- WORK INSTRUCTION
Word for word, retype the first line of the records and every following line through the one containing "པ་ཐམས་ཅད་འཁོར་".

- INFORMATION SHOWN

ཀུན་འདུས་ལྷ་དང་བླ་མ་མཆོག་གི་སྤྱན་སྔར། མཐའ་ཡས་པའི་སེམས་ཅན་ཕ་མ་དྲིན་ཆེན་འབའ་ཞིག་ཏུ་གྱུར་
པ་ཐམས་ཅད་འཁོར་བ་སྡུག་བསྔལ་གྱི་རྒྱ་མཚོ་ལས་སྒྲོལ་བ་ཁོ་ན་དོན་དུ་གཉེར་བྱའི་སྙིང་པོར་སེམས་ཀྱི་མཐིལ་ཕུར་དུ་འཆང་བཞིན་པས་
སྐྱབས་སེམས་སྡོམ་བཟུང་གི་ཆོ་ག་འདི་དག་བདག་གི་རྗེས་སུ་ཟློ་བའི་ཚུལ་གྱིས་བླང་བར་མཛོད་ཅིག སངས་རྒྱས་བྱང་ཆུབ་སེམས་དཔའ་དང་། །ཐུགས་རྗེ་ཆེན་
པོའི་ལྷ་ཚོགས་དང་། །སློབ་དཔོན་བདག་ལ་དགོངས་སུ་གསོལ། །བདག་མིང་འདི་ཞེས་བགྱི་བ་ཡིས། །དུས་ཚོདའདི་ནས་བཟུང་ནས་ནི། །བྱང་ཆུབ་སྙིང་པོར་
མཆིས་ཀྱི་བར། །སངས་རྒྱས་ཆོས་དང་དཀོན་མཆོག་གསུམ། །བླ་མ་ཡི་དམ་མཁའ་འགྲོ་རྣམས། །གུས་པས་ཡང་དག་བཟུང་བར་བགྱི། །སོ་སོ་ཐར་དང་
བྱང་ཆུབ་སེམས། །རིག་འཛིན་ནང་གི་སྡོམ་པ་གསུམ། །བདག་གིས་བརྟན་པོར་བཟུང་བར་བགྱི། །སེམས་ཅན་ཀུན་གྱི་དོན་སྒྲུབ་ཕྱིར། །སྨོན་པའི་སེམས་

- SOLUTION TO THIS TASK
ཀུན་འདུས་ལྷ་དང་བླ་མ་མཆོག་གི་སྤྱན་སྔར། མཐའ་ཡས་པའི་སེམས་ཅན་ཕ་མ་དྲིན་ཆེན་འབའ་ཞིག་ཏུ་གྱུར་
པ་ཐམས་ཅད་འཁོར་བ་སྡུག་བསྔལ་གྱི་རྒྱ་མཚོ་ལས་སྒྲོལ་བ་ཁོ་ན་དོན་དུ་གཉེར་བྱའི་སྙིང་པོར་སེམས་ཀྱི་མཐིལ་ཕུར་དུ་འཆང་བཞིན་པས་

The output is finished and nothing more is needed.